Leading progressives, including Ocasio-Cortez and Khanna, have gone further — accusing the Netanyahu administration of perpetuating genocide in Gaza and pushing to stop U.S. arms sales to the country.

But Democrats on both ends of the ideological spectrum have argued there are bigger issues around Israel than AIPAC. Shapiro, on a podcast last year, said putting Democrats on record over AIPAC was a “shortcut” for asking their views on Israel and a two-state solution. “Demanding answers on those questions is more important than ‘hey, what about this lobbying group or that lobbying group,’” he said.

Khanna, in a message to POLITICO on Monday, said, “What matters more is the clarity of calling what happened a genocide and stopping military sales to Israel used to kill civilians in Gaza and Lebanon.”

Still, progressive groups such as MoveOn and Justice Democrats are plotting how to make taking AIPAC money a red line for those vying to be the party’s next standard bearer.

“We’re going to be demanding that anyone who deserves to get the Democratic nomination not only doesn’t take AIPAC support or donations, but actively speaks out against this lobby,” said Justice Democrats spokesperson Usamah Andrabi.

In a sign of the volatile and complex politics surrounding Israel, some Democrats who are shutting the door to AIPAC donations are declining to call on their would-be rivals to do the same.

Pritzker, asked by POLITICO last week whether Democratic presidential candidates should accept AIPAC funding, criticized the flood of special-interest money in campaigns in general but cast taking PAC cash as “a matter of values” for each candidate.

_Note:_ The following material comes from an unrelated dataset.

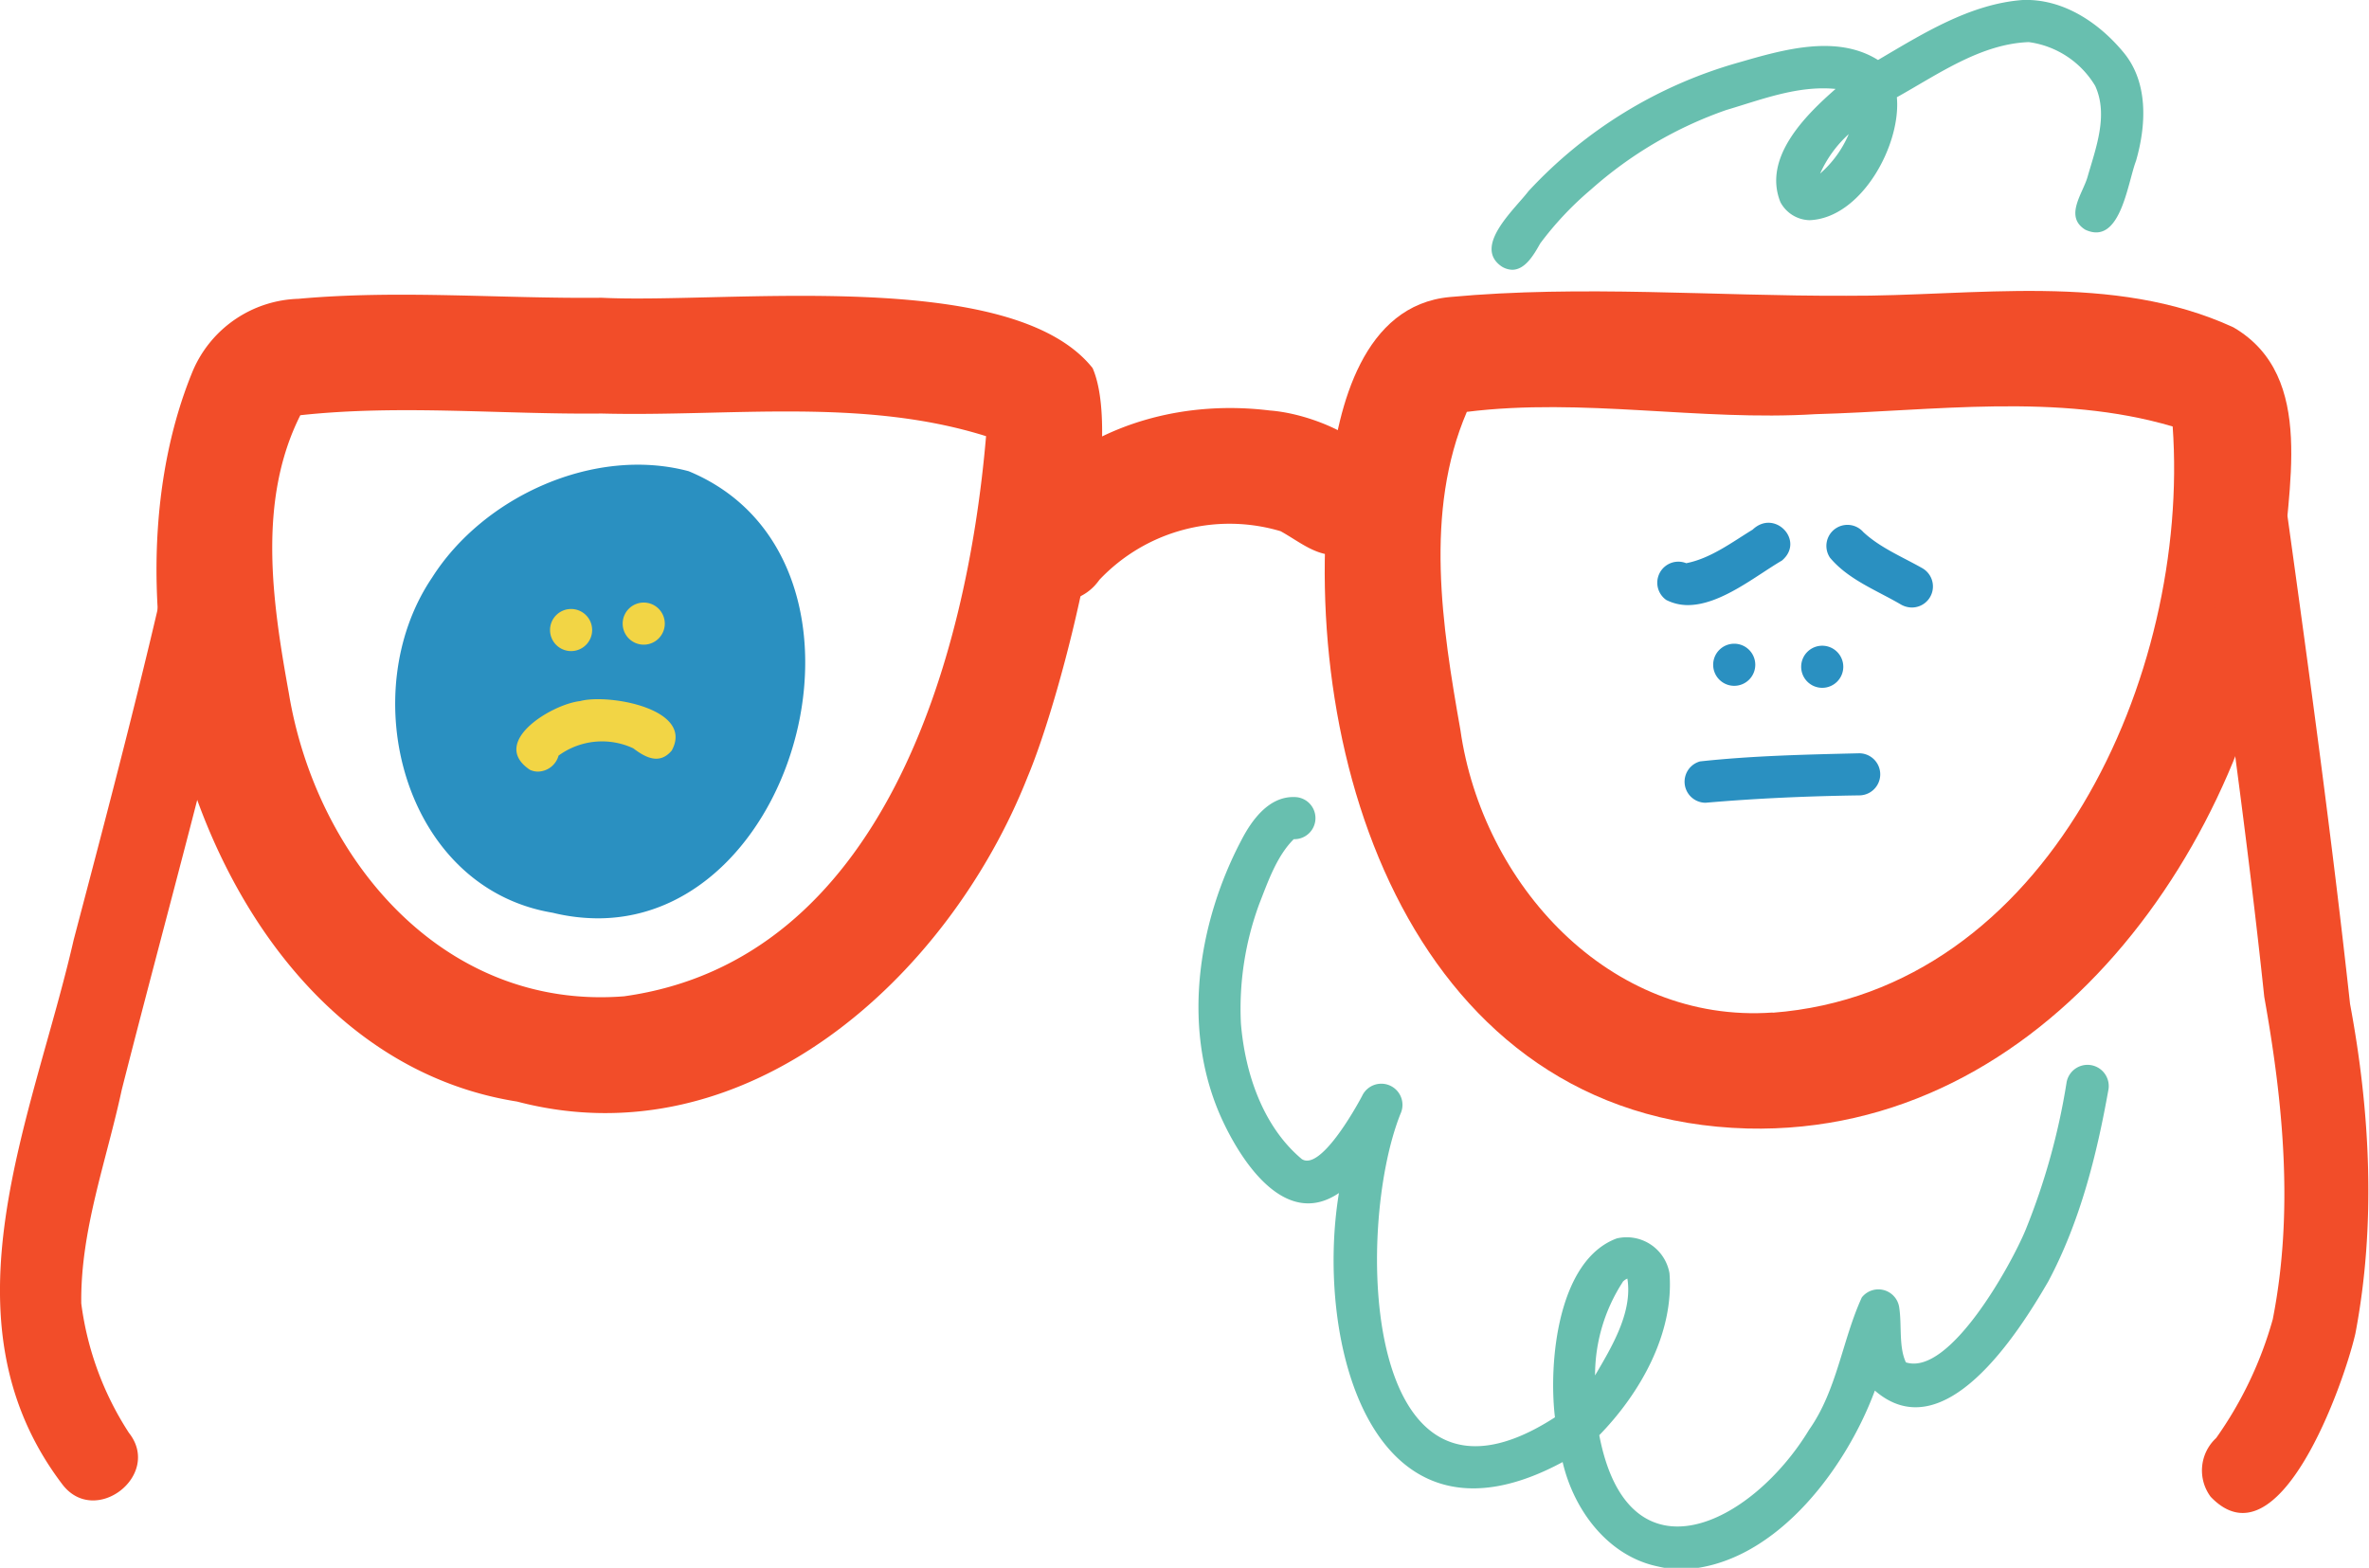 <svg xmlns="http://www.w3.org/2000/svg" viewBox="0 0 225.04 148.96"><defs><style>.cls-1{fill:#f24d29;}.cls-2{fill:#2a90c1;}.cls-3{fill:#f2d545;}.cls-4{fill:#68bfaf;}</style></defs><title>L3_tellDifference</title><g id="Layer_2" data-name="Layer 2"><g id="tell_apart" data-name="tell apart"><path class="cls-1" d="M49.12,104.66C20.44,100.14,8.31,59.32,18.34,35.18a11.27,11.27,0,0,1,10-6.79c9.58-.87,19.21,0,28.82-.1,11.83.59,38.92-3,46.63,6.68C107,42.33,100.91,66,97.62,73.8,90.09,92.89,70.84,110.36,49.12,104.66Zm10.15-10c24.55-3.4,32.59-32,34.4-53.22C81.91,37.75,69.3,39.6,57.15,39.29c-9.54.1-19.12-.87-28.62.16-4.1,8.15-2.65,17.78-1.09,26.42C30.06,81.68,42.17,96,59.27,94.66Z"></path><path class="cls-1" d="M94.62,51.71c0-2.87,2.23-4.54,4.2-6.25,5.86-5.42,14-7.42,21.79-6.46,5.52.41,15,5,10.56,11.58a5.47,5.47,0,0,1-3.6,2.09c-2.31.41-4-1.14-5.92-2.2A17,17,0,0,0,104,55.57l.45-.5v0C101.58,59.2,94.47,56.84,94.62,51.71Z"></path><path class="cls-1" d="M166,107.22c-31.59-.85-42.77-34.81-39.66-61.73.76-6.89,3.16-16.52,11.4-17.27,12.56-1.16,25.08-.07,37.65-.12,12.19.07,25.32-2.27,36.77,3,8,4.66,5,15.57,4.7,23.2C213.87,80.12,194.28,107.91,166,107.22Zm2.39-11c26.22-2,39.67-32.16,38-55.7-10.93-3.23-22.74-1.47-33.94-1.17-11,.68-22.1-1.59-33.11-.22-4.06,9.46-2.35,20.4-.61,30.23C140.8,83.94,152.86,97.31,168.4,96.2Z"></path><path class="cls-1" d="M5.9,141C-6,125.29,3.14,106.2,7,89.29c3.24-12.3,6.65-25.21,9.36-37.47.88-5.55,9.29-3.74,7.8,1.7-3.68,16.78-8.35,33.32-12.59,50-1.46,6.81-3.94,13.38-3.85,20.32a29.46,29.46,0,0,0,4.53,12.3C15.43,140.16,9,145.14,5.9,141Z"></path><path class="cls-1" d="M210,142.21a4.19,4.19,0,0,1,.52-5.58,36.46,36.46,0,0,0,5.38-11.29c2-10.18,1-20.52-.81-30.63-1.58-15-3.72-30-5.77-45-.64-5.14,7.17-6.29,7.92-1.09,2.16,15.57,4.29,31.14,6,46.76,1.93,10.32,2.47,21,.51,31.31C222.68,131.4,216.5,149,210,142.21Z"></path><path class="cls-2" d="M52.5,86.72C38.33,84.36,33.58,65.91,41.05,54.87c4.89-7.71,15.42-12.49,24.37-10.1C85,52.89,76.4,87.25,56.8,87.25A18.19,18.19,0,0,1,52.5,86.72Z"></path><path class="cls-3" d="M52.25,59.86a2,2,0,1,1,2,2A2,2,0,0,1,52.25,59.86Z"></path><path class="cls-3" d="M59.15,59.25a2,2,0,1,1,2,2A2,2,0,0,1,59.15,59.25Z"></path><path class="cls-3" d="M50.34,73.14c-3.91-2.62,2.09-6.24,4.77-6.53,2.61-.72,10.89.7,8.7,4.7-1.15,1.37-2.48.68-3.65-.21a7,7,0,0,0-7.1.69,2.07,2.07,0,0,1-2,1.52A1.82,1.82,0,0,1,50.34,73.14Z"></path><path class="cls-4" d="M142.65,25.32c-2.78-1.9,1.24-5.44,2.54-7.15a43.17,43.17,0,0,1,20-12.24c4.16-1.2,9.26-2.7,13.21-.23C182.62,3.22,187.13.37,192.15,0c3.82-.14,7.23,2.14,9.59,5s2.14,6.91,1.17,10.28c-.81,2.11-1.48,8.12-4.83,6.54-2-1.26-.24-3.41.22-5,.79-2.75,2-5.88.73-8.66A8.71,8.71,0,0,0,192.72,4c-4.58.17-8.63,3.07-12.53,5.24.42,4.5-3.36,11.49-8.29,11.68a3.22,3.22,0,0,1-2.77-1.71c-1.69-4.2,2.31-8.2,5.24-10.76-3.58-.35-7,1-10.38,2A38.25,38.25,0,0,0,151.14,18a30.88,30.88,0,0,0-4.83,5.13c-.61,1.09-1.43,2.5-2.66,2.5A2,2,0,0,1,142.65,25.32Zm30.25-8.83a10.35,10.35,0,0,0,2.72-3.75A11.29,11.29,0,0,0,172.9,16.49Z"></path><path class="cls-4" d="M157.44,148.82c-4.72-1-7.95-5.37-9-9.91-18.22,9.83-23.56-11.55-21.25-25.56-5,3.39-9.11-2.76-11-6.77-4-8.46-2.52-18.69,1.74-26.77,1-1.93,2.64-4.19,5.09-4.08a2,2,0,1,1-.12,4c-1.63,1.62-2.46,4.07-3.27,6.13a28.75,28.75,0,0,0-1.75,11.39c.39,4.71,2.08,9.78,5.79,12.88,1.74,1.11,5-4.64,5.72-6a2,2,0,1,1,3.65,1.69c-4.37,10.9-3.69,40.71,14.67,28.84-.62-5.17.25-14.93,5.88-17a4.13,4.13,0,0,1,5,3.31c.45,5.71-2.78,11.4-6.67,15.39,2.75,14.35,14.45,8.54,19.94-.53,2.65-3.76,3.14-8.5,5-12.56a2,2,0,0,1,3.56,1c.25,1.67-.06,3.71.63,5.17,4.15,1.33,10-9.27,11.37-12.59a64,64,0,0,0,3.88-13.93,2,2,0,0,1,4,.54c-1.12,6.29-2.7,12.59-5.71,18.26-2.89,5-9.94,16.09-16.49,10.4-2.84,7.68-9.89,17-18.78,17A12.37,12.37,0,0,1,157.44,148.82Zm-3.3-27a16.29,16.29,0,0,0-2.62,8.86c1.57-2.68,3.59-6,3.07-9.2A1.22,1.22,0,0,0,154.14,121.8Z"></path><path class="cls-2" d="M158.28,57a2,2,0,0,1,1.9-3.49c2.32-.45,4.36-2,6.31-3.19,2.1-2,5,1.07,2.78,2.94-2.47,1.44-5.81,4.22-8.92,4.23A4.5,4.5,0,0,1,158.28,57Z"></path><path class="cls-2" d="M180.6,57.45c-2.31-1.36-5-2.36-6.76-4.46A2,2,0,0,1,177,50.55c1.61,1.5,3.72,2.36,5.62,3.44a2,2,0,0,1-1,3.73A2.14,2.14,0,0,1,180.6,57.45Z"></path><path class="cls-2" d="M162.74,63.16a2,2,0,1,1,2,2A2,2,0,0,1,162.74,63.16Z"></path><path class="cls-2" d="M171.1,63.35a2,2,0,1,1,2,2A2,2,0,0,1,171.1,63.35Z"></path><path class="cls-2" d="M161.5,72.34c5-.54,10.06-.65,15.11-.77a2,2,0,0,1,0,4c-4.87.07-9.75.28-14.59.7A2,2,0,0,1,161.5,72.34Z"></path></g></g></svg>

Murphy said “everybody will make their own decision about it.”

And Booker went so far as to call the AIPAC pile-on “problematic.”

“There are Iranian Americans that bundle money. There are Turkish Americans that bundle money. There are a lot of ethnic groups that bundle money, and often for things that I don’t agree with. But somehow AIPAC seems to be drawing a lot of attention, and that’s problematic to me,” Booker said. “[AIPAC] is not the problem in America. The problem in America is money in politics.”

CLARIFICATION: This article has been updated to include Emanuel’s statement that he has never held dual Israeli citizenship.